For over a month the trunk of my car has been crammed full of mixed plastics. I have scoured the city’s recycling depots for one that accepts mixed plastics, to no avail. It’s a touch ironic: my attempts to reduce my environmental impact include driving all over the city, polluting.
In Victoria, I enjoyed curbside pickup every second Wednesday. I was pleased when I was able to recycle most of my post-consumer waste. For items not recycled by the city, I could walk a few blocks one Saturday each month and drop off milk containers, Styrofoam, chip bags, and other items at the Fernwood Community Centre for recycling.
Not in Calgary. There is no curbside pickup here, though we’re told it’s coming. A pilot project conducted four years ago found that recycling of post-consumer waste nearly doubled when curbside pickup was available. In October 2005, City Council voted to extend the service to the entire city by 2009. That may be progress, but I have a trunk full of salad, yogurt, and salad dressing containers that says it isn’t enough.
The Calgary pickup plan won’t include mixed plastics. Nor will its 50 drop-off depots accept them. According to the city’s website, “We can collect milk containers and plastic bags because there are economical and environmentally sustainable markets for these products . . . . However, there are few markets for other used plastics like yogurt containers, margarine containers and shampoos. Manufacturers use a variety of plastics to package their products. It is difficult for markets to sort them, turn them into a consistently high quality raw material and then produce a new product from them . . . . The plastics recycling industry in Alberta is in its infancy. Until it grows we won’t be collecting mixed plastics for recycling.”
So, what’s a green-minded citizen to do? In my case, I filled up the trunk of my sister’s car with plastic crapola, which she took back to her small community of Coalhurst, 207 km. south of Calgary, for recycling. I fail to understand, however, why a town of approximately 1,600 people can justify recycling all plastics, but the City of Calgary cannot. It took my husband and I less than one month to fill up the trunk of my Pontiac Grand Am with this stuff. Imagine that being the norm for people in Calgary, a city with a population of 1,019,942 — that’s roughly 509,971 trunk loads each month.
Last week at the recycling depot, I asked a city employee, who was emptying a bin full of cardboard, what I was supposed to do with my plastics. His reply? “Throw them away.”

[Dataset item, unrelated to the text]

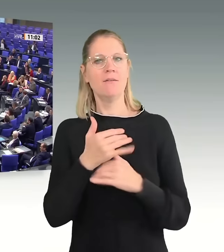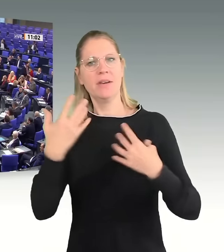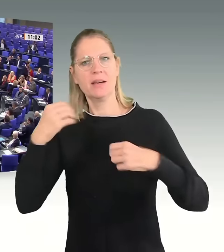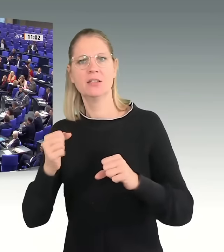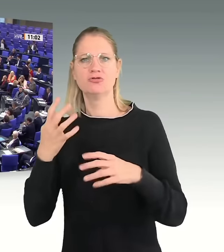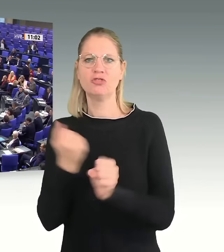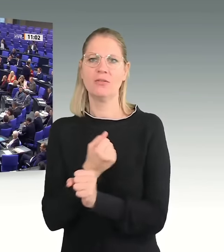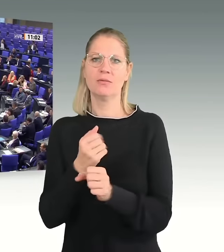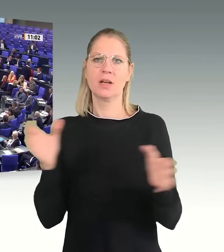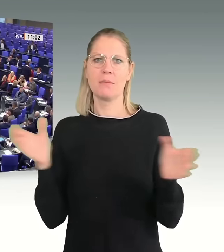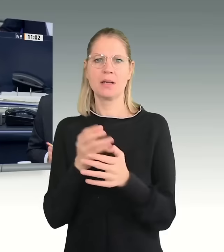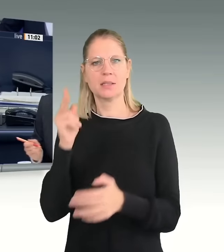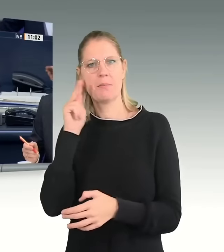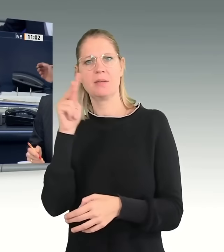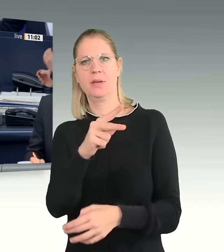Vielen Dank, Frau Kollegin Klose.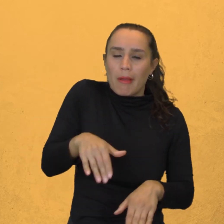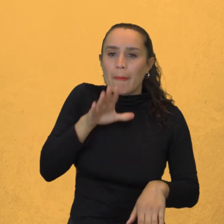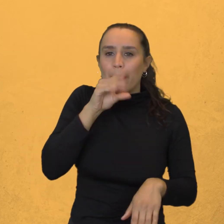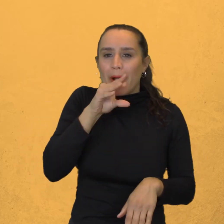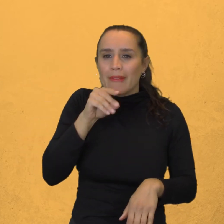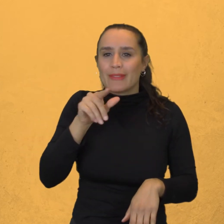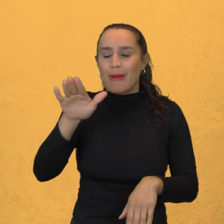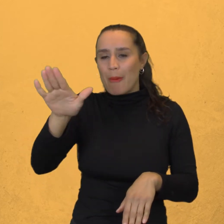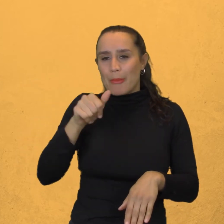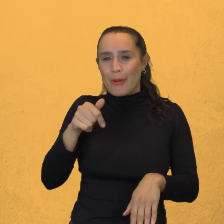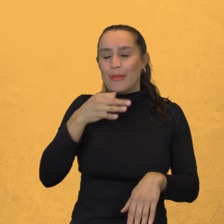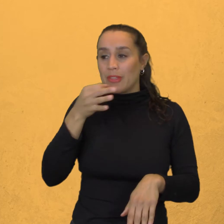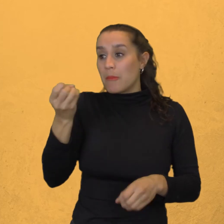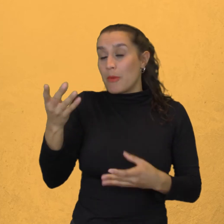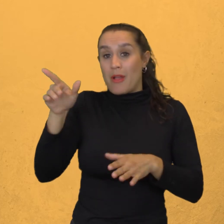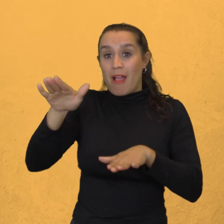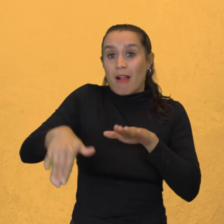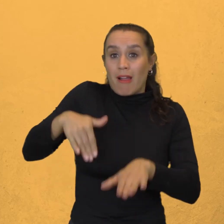Por su caminar de patos cojos

It’s not an answer. In fact, the entire province of Alberta is in desperate need of an environmental pickup. I’ve seen commercials on TV encouraging Albertans to conserve water, which on the surface seems like a good idea. But why are citizens asked to conserve water when the real villain is the oil industry? Tar sands operations consume vast quantities of water and produce even greater quantities of wastewater. Two of Alberta’s toxic water dumps are actually visible from space with the naked eye. That’s right, the Great Wall of China is not the only manmade structure visible from space.
Maybe our toxic water dumps should be named the Eighth Wonder of the World. Or maybe Alberta should clean up its act. It may be the only province in Canada out of debt, but unless it makes some drastic changes soon, it’s well on its way to creating an irreparable environmental debt.